Ostrich eggshell fragments are fairly common throughout the deposits at Diepkloof, but ones with structured sets of incised lines are limited to a particular part of the stratigraphy dated beyond 55 000 years and probably not as old as 70 000 years. These age estimates are based on a series of radiocarbon and luminescence dates that are still accumulating. What is important about this large collection of intentionally marked fragments is the combination of variety and patterning that is manifested.


Cross-hatched marked chunks

The cross-hatched marked chunks have been discovered at the Blombos Cave in the southern Cape Province below a windblown sand level by Chris Henshilwood.

Some pieces are characterised by sets of parallel and acutely angled lines with interesting variations in the depth and breadth of the incisions. On other pieces, there are parallel lines infilled with hatching. Most remarkable, however, are a few pieces that show strongly defined grid patterns of intersecting lines. This variety of repeated design must mean that the makers were responding to a systematic and agreed set of conventions in producing their work. There was a socially constructed framework outside the brains of the participants that guided their artefact marking (and making) behaviour.

At least two of these intentionally marked ostrich eggshell fragments show the worn profiles typical of the mouths of ostrich eggshell water containers. This seems to imply that at least some of the intentional marking was applied to whole eggs and ones intended to have a substantial use in life as both storage and transport devices.

We are attracted to the idea that the intentional marking served the purpose of identifying and distinguishing between objects that, when plain, are remarkably similar to one another. Ownership and identity may be the kinds of intangibles that needed to become manifest in the patterns of incised lines on the egg surfaces.

Similarly marked ostrich eggshell fragments, as well as other presumed water flask mouths, have come from the excavations at Apollo XI Cave in southern Namibia, and similar precocious stone tools come from several sites in southern Africa, including the current excavations of Lyn Wadley at Sibudu in KwaZulu Natal.
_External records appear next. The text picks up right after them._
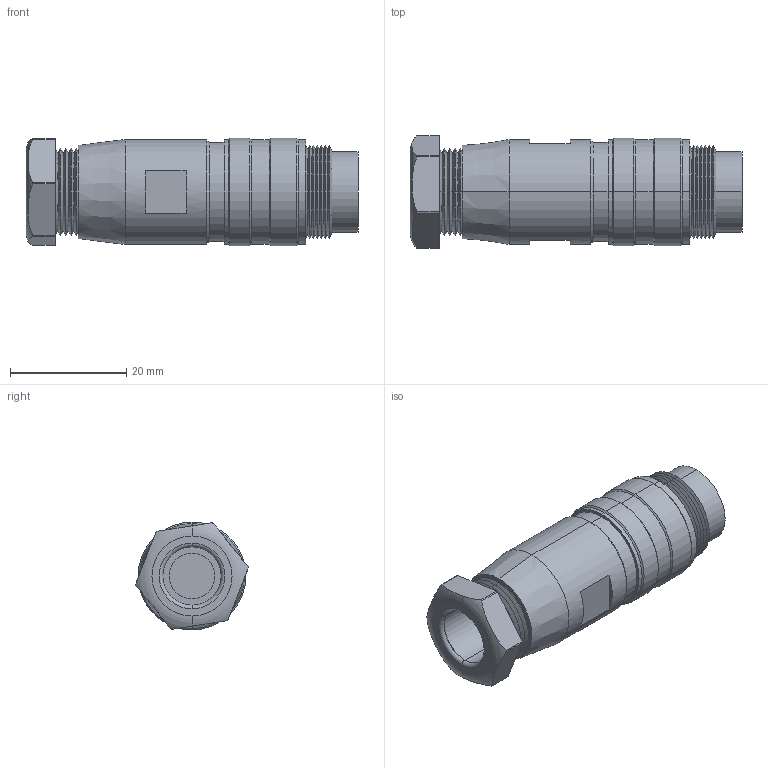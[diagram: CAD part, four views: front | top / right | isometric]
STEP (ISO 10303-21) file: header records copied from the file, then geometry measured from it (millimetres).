
FILE_DESCRIPTION (( 'STEP AP203' ), '1' );
FILE_NAME ('AISGM-2000.STEP', '2010-04-09T17:49:40', ( 'x' ), ( 'Microsoft' ), 'SwSTEP 2.0', 'SolidWorks 2010', '' );
FILE_SCHEMA (( 'CONFIG_CONTROL_DESIGN' ));
Length unit declared in the file: inch
Products named in the file (1): AISGM-2000
Bounding box: 57 x 19.3 x 18.5 mm (x, y, z)
Volume: 10829.8 mm3; surface area: 5705.1 mm2
Topology: 22 solids, 23 shells, 242 faces, 456 edges, 280 vertices
Faces by surface type: cone 90, plane 80, cylinder 66, torus 6
Entity records: 6193 total; most frequent: DIRECTION 1196, CARTESIAN_POINT 1067, ORIENTED_EDGE 912, AXIS2_PLACEMENT_3D 505, EDGE_CURVE 456, VERTEX_POINT 280, CIRCLE 262, EDGE_LOOP 262
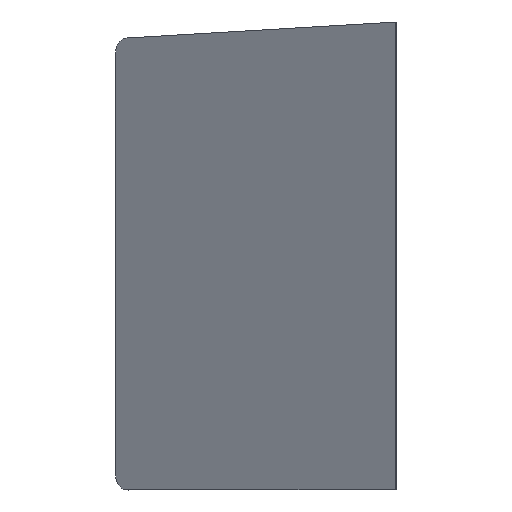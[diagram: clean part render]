
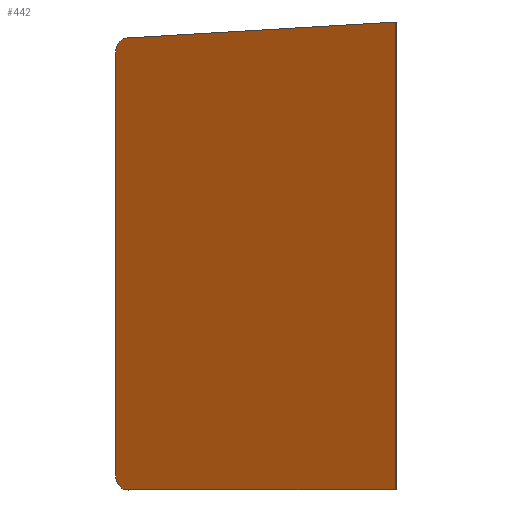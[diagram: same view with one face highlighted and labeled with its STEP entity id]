
A CAD part, top view. The second image highlights one B-rep face of the part: STEP entity #442.
In plain terms, the highlighted planar face has unit normal (-0.526, 0, 0.851).
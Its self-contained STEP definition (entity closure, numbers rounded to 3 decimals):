
#442 = ADVANCED_FACE('',(#443),#457,.T.);
#443 = FACE_BOUND('',#444,.T.);
#444 = EDGE_LOOP('',(#445,#478,#513,#539,#568,#594));
#445 = ORIENTED_EDGE('',*,*,#446,.F.);
#446 = EDGE_CURVE('',#447,#449,#451,.T.);
#447 = VERTEX_POINT('',#448);
#448 = CARTESIAN_POINT('',(11400.792,579.689,
    3183.676));
#449 = VERTEX_POINT('',#450);
#450 = CARTESIAN_POINT('',(12061.501,618.171,
    3592.02));
#451 = SURFACE_CURVE('',#452,(#456,#467),.PCURVE_S1.);
#452 = LINE('',#453,#454);
#453 = CARTESIAN_POINT('',(6538.055,296.467,
    178.307));
#454 = VECTOR('',#455,1.);
#455 = DIRECTION('',(0.85,0.049,0.525));
#456 = PCURVE('',#457,#462);
#457 = PLANE('',#458);
#458 = AXIS2_PLACEMENT_3D('',#459,#460,#461);
#459 = CARTESIAN_POINT('',(11372.8,22.278,
    3166.376));
#460 = DIRECTION('',(-0.526,0.,0.851));
#461 = DIRECTION('',(0.851,0.,0.526));
#462 = DEFINITIONAL_REPRESENTATION('',(#463),#466);
#463 = B_SPLINE_CURVE_WITH_KNOTS('',1,(#464,#465),.UNSPECIFIED.,.F.,.F.,
  (2,2),(5050.236,7201.092),
  .PIECEWISE_BEZIER_KNOTS.);
#464 = CARTESIAN_POINT('',(-639.552,524.095));
#465 = CARTESIAN_POINT('',(1508.669,630.528));
#466 = ( GEOMETRIC_REPRESENTATION_CONTEXT(2) 
PARAMETRIC_REPRESENTATION_CONTEXT() REPRESENTATION_CONTEXT('2D SPACE',''
  ) );
#467 = PCURVE('',#468,#473);
#468 = PLANE('',#469);
#469 = AXIS2_PLACEMENT_3D('',#470,#471,#472);
#470 = CARTESIAN_POINT('',(4.895,-84.046,0.));
#471 = DIRECTION('',(0.058,-0.998,0.));
#472 = DIRECTION('',(0.,0.,-1.));
#473 = DEFINITIONAL_REPRESENTATION('',(#474),#477);
#474 = B_SPLINE_CURVE_WITH_KNOTS('',1,(#475,#476),.UNSPECIFIED.,.F.,.F.,
  (2,2),(5050.236,7201.092),
  .PIECEWISE_BEZIER_KNOTS.);
#475 = CARTESIAN_POINT('',(-2830.141,10842.215));
#476 = CARTESIAN_POINT('',(-3959.536,12672.692));
#477 = ( GEOMETRIC_REPRESENTATION_CONTEXT(2) 
PARAMETRIC_REPRESENTATION_CONTEXT() REPRESENTATION_CONTEXT('2D SPACE',''
  ) );
#478 = ORIENTED_EDGE('',*,*,#479,.T.);
#479 = EDGE_CURVE('',#447,#480,#482,.T.);
#480 = VERTEX_POINT('',#481);
#481 = CARTESIAN_POINT('',(11372.8,545.097,
    3166.376));
#482 = SURFACE_CURVE('',#483,(#488,#495),.PCURVE_S1.);
#483 = ELLIPSE('',#484,34.635,34.619);
#484 = AXIS2_PLACEMENT_3D('',#485,#486,#487);
#485 = CARTESIAN_POINT('',(11402.249,545.097,
    3184.576));
#486 = DIRECTION('',(-0.526,0.,0.851));
#487 = DIRECTION('',(0.,1.,0.));
#488 = PCURVE('',#457,#489);
#489 = DEFINITIONAL_REPRESENTATION('',(#490),#494);
#490 = ELLIPSE('',#491,34.635,34.619);
#491 = AXIS2_PLACEMENT_2D('',#492,#493);
#492 = CARTESIAN_POINT('',(34.619,522.819));
#493 = DIRECTION('',(0.,1.));
#494 = ( GEOMETRIC_REPRESENTATION_CONTEXT(2) 
PARAMETRIC_REPRESENTATION_CONTEXT() REPRESENTATION_CONTEXT('2D SPACE',''
  ) );
#495 = PCURVE('',#496,#501);
#496 = CYLINDRICAL_SURFACE('',#497,34.619);
#497 = AXIS2_PLACEMENT_3D('',#498,#499,#500);
#498 = CARTESIAN_POINT('',(10972.624,520.074,
    3879.716));
#499 = DIRECTION('',(0.525,0.031,-0.85));
#500 = DIRECTION('',(-0.058,0.998,
    0.));
#501 = DEFINITIONAL_REPRESENTATION('',(#502),#512);
#502 = B_SPLINE_CURVE_WITH_KNOTS('',8,(#503,#504,#505,#506,#507,#508,
    #509,#510,#511),.UNSPECIFIED.,.F.,.F.,(9,9),(0.049,
    1.571),.PIECEWISE_BEZIER_KNOTS.);
#503 = CARTESIAN_POINT('',(0.,818.631));
#504 = CARTESIAN_POINT('',(-0.19,818.621));
#505 = CARTESIAN_POINT('',(-0.38,818.567));
#506 = CARTESIAN_POINT('',(-0.57,818.47));
#507 = CARTESIAN_POINT('',(-0.761,818.334));
#508 = CARTESIAN_POINT('',(-0.951,818.166));
#509 = CARTESIAN_POINT('',(-1.141,817.975));
#510 = CARTESIAN_POINT('',(-1.331,817.774));
#511 = CARTESIAN_POINT('',(-1.521,817.572));
#512 = ( GEOMETRIC_REPRESENTATION_CONTEXT(2) 
PARAMETRIC_REPRESENTATION_CONTEXT() REPRESENTATION_CONTEXT('2D SPACE',''
  ) );
#513 = ORIENTED_EDGE('',*,*,#514,.F.);
#514 = EDGE_CURVE('',#515,#480,#517,.T.);
#515 = VERTEX_POINT('',#516);
#516 = CARTESIAN_POINT('',(11372.8,-500.,3166.376));
#517 = SURFACE_CURVE('',#518,(#522,#528),.PCURVE_S1.);
#518 = LINE('',#519,#520);
#519 = CARTESIAN_POINT('',(11372.8,11.139,
    3166.376));
#520 = VECTOR('',#521,1.);
#521 = DIRECTION('',(0.,1.,0.));
#522 = PCURVE('',#457,#523);
#523 = DEFINITIONAL_REPRESENTATION('',(#524),#527);
#524 = B_SPLINE_CURVE_WITH_KNOTS('',1,(#525,#526),.UNSPECIFIED.,.F.,.F.,
  (2,2),(-617.975,664.056),.PIECEWISE_BEZIER_KNOTS.);
#525 = CARTESIAN_POINT('',(0.,-629.113));
#526 = CARTESIAN_POINT('',(0.,652.917));
#527 = ( GEOMETRIC_REPRESENTATION_CONTEXT(2) 
PARAMETRIC_REPRESENTATION_CONTEXT() REPRESENTATION_CONTEXT('2D SPACE',''
  ) );
#528 = PCURVE('',#529,#534);
#529 = PLANE('',#530);
#530 = AXIS2_PLACEMENT_3D('',#531,#532,#533);
#531 = CARTESIAN_POINT('',(9645.441,0.,5961.273));
#532 = DIRECTION('',(0.851,0.,0.526));
#533 = DIRECTION('',(0.,-1.,0.));
#534 = DEFINITIONAL_REPRESENTATION('',(#535),#538);
#535 = B_SPLINE_CURVE_WITH_KNOTS('',1,(#536,#537),.UNSPECIFIED.,.F.,.F.,
  (2,2),(-617.975,664.056),.PIECEWISE_BEZIER_KNOTS.);
#536 = CARTESIAN_POINT('',(606.836,3285.609));
#537 = CARTESIAN_POINT('',(-675.194,3285.609));
#538 = ( GEOMETRIC_REPRESENTATION_CONTEXT(2) 
PARAMETRIC_REPRESENTATION_CONTEXT() REPRESENTATION_CONTEXT('2D SPACE',''
  ) );
#539 = ORIENTED_EDGE('',*,*,#540,.T.);
#540 = EDGE_CURVE('',#515,#541,#543,.T.);
#541 = VERTEX_POINT('',#542);
#542 = CARTESIAN_POINT('',(11402.249,-534.619,
    3184.576));
#543 = SURFACE_CURVE('',#544,(#549,#556),.PCURVE_S1.);
#544 = CIRCLE('',#545,34.619);
#545 = AXIS2_PLACEMENT_3D('',#546,#547,#548);
#546 = CARTESIAN_POINT('',(11402.249,-500.,3184.576)
  );
#547 = DIRECTION('',(-0.526,0.,0.851));
#548 = DIRECTION('',(-0.851,0.,-0.526));
#549 = PCURVE('',#457,#550);
#550 = DEFINITIONAL_REPRESENTATION('',(#551),#555);
#551 = CIRCLE('',#552,34.619);
#552 = AXIS2_PLACEMENT_2D('',#553,#554);
#553 = CARTESIAN_POINT('',(34.619,-522.278));
#554 = DIRECTION('',(-1.,0.));
#555 = ( GEOMETRIC_REPRESENTATION_CONTEXT(2) 
PARAMETRIC_REPRESENTATION_CONTEXT() REPRESENTATION_CONTEXT('2D SPACE',''
  ) );
#556 = PCURVE('',#557,#562);
#557 = CYLINDRICAL_SURFACE('',#558,34.619);
#558 = AXIS2_PLACEMENT_3D('',#559,#560,#561);
#559 = CARTESIAN_POINT('',(11814.028,-500.,2518.309)
  );
#560 = DIRECTION('',(-0.526,0.,0.851));
#561 = DIRECTION('',(-0.851,0.,-0.526));
#562 = DEFINITIONAL_REPRESENTATION('',(#563),#567);
#563 = LINE('',#564,#565);
#564 = CARTESIAN_POINT('',(0.,783.245));
#565 = VECTOR('',#566,1.);
#566 = DIRECTION('',(1.,0.));
#567 = ( GEOMETRIC_REPRESENTATION_CONTEXT(2) 
PARAMETRIC_REPRESENTATION_CONTEXT() REPRESENTATION_CONTEXT('2D SPACE',''
  ) );
#568 = ORIENTED_EDGE('',*,*,#569,.F.);
#569 = EDGE_CURVE('',#570,#541,#572,.T.);
#570 = VERTEX_POINT('',#571);
#571 = CARTESIAN_POINT('',(12061.501,-534.619,
    3592.02));
#572 = SURFACE_CURVE('',#573,(#577,#583),.PCURVE_S1.);
#573 = LINE('',#574,#575);
#574 = CARTESIAN_POINT('',(6550.08,-534.619,
    185.739));
#575 = VECTOR('',#576,1.);
#576 = DIRECTION('',(-0.851,0.,-0.526));
#577 = PCURVE('',#457,#578);
#578 = DEFINITIONAL_REPRESENTATION('',(#579),#582);
#579 = B_SPLINE_CURVE_WITH_KNOTS('',1,(#580,#581),.UNSPECIFIED.,.F.,.F.,
  (2,2),(-7177.973,-5031.678),
  .PIECEWISE_BEZIER_KNOTS.);
#580 = CARTESIAN_POINT('',(1508.509,-556.896));
#581 = CARTESIAN_POINT('',(-637.786,-556.896));
#582 = ( GEOMETRIC_REPRESENTATION_CONTEXT(2) 
PARAMETRIC_REPRESENTATION_CONTEXT() REPRESENTATION_CONTEXT('2D SPACE',''
  ) );
#583 = PCURVE('',#584,#589);
#584 = PLANE('',#585);
#585 = AXIS2_PLACEMENT_3D('',#586,#587,#588);
#586 = CARTESIAN_POINT('',(0.,-534.619,0.));
#587 = DIRECTION('',(0.,1.,0.));
#588 = DIRECTION('',(1.,0.,-0.));
#589 = DEFINITIONAL_REPRESENTATION('',(#590),#593);
#590 = B_SPLINE_CURVE_WITH_KNOTS('',1,(#591,#592),.UNSPECIFIED.,.F.,.F.,
  (2,2),(-7177.973,-5031.678),
  .PIECEWISE_BEZIER_KNOTS.);
#591 = CARTESIAN_POINT('',(12656.011,-3959.452));
#592 = CARTESIAN_POINT('',(10830.269,-2831.069));
#593 = ( GEOMETRIC_REPRESENTATION_CONTEXT(2) 
PARAMETRIC_REPRESENTATION_CONTEXT() REPRESENTATION_CONTEXT('2D SPACE',''
  ) );
#594 = ORIENTED_EDGE('',*,*,#595,.T.);
#595 = EDGE_CURVE('',#570,#449,#596,.T.);
#596 = SURFACE_CURVE('',#597,(#601,#607),.PCURVE_S1.);
#597 = LINE('',#598,#599);
#598 = CARTESIAN_POINT('',(12061.501,-11.461,
    3592.02));
#599 = VECTOR('',#600,1.);
#600 = DIRECTION('',(0.,1.,0.));
#601 = PCURVE('',#457,#602);
#602 = DEFINITIONAL_REPRESENTATION('',(#603),#606);
#603 = B_SPLINE_CURVE_WITH_KNOTS('',1,(#604,#605),.UNSPECIFIED.,.F.,.F.,
  (2,2),(-641.013,773.253),.PIECEWISE_BEZIER_KNOTS.);
#604 = CARTESIAN_POINT('',(809.619,-674.752));
#605 = CARTESIAN_POINT('',(809.619,739.514));
#606 = ( GEOMETRIC_REPRESENTATION_CONTEXT(2) 
PARAMETRIC_REPRESENTATION_CONTEXT() REPRESENTATION_CONTEXT('2D SPACE',''
  ) );
#607 = PCURVE('',#608,#613);
#608 = PLANE('',#609);
#609 = AXIS2_PLACEMENT_3D('',#610,#611,#612);
#610 = CARTESIAN_POINT('',(8612.554,-45.2,
    9172.476));
#611 = DIRECTION('',(0.851,0.,0.526));
#612 = DIRECTION('',(0.,-1.,0.));
#613 = DEFINITIONAL_REPRESENTATION('',(#614),#617);
#614 = B_SPLINE_CURVE_WITH_KNOTS('',1,(#615,#616),.UNSPECIFIED.,.F.,.F.,
  (2,2),(-641.013,773.253),.PIECEWISE_BEZIER_KNOTS.);
#615 = CARTESIAN_POINT('',(607.274,6560.238));
#616 = CARTESIAN_POINT('',(-806.992,6560.238));
#617 = ( GEOMETRIC_REPRESENTATION_CONTEXT(2) 
PARAMETRIC_REPRESENTATION_CONTEXT() REPRESENTATION_CONTEXT('2D SPACE',''
  ) );

Although human skeletal remains from these sites are few and fragmentary, they look modern, as do the similarly aged remains from Klasies River, Border Cave, Die Kelders and Sea Harvest.

It seems entirely likely that well before 40 000 years ago, and perhaps as much as 100 000 years ago, southern Africans were crossing or had crossed the boundaries of behavioural and skeletal modernity. This gives South African prehistorians a unique research advantage and an opportunity to develop internationally significant research programmes.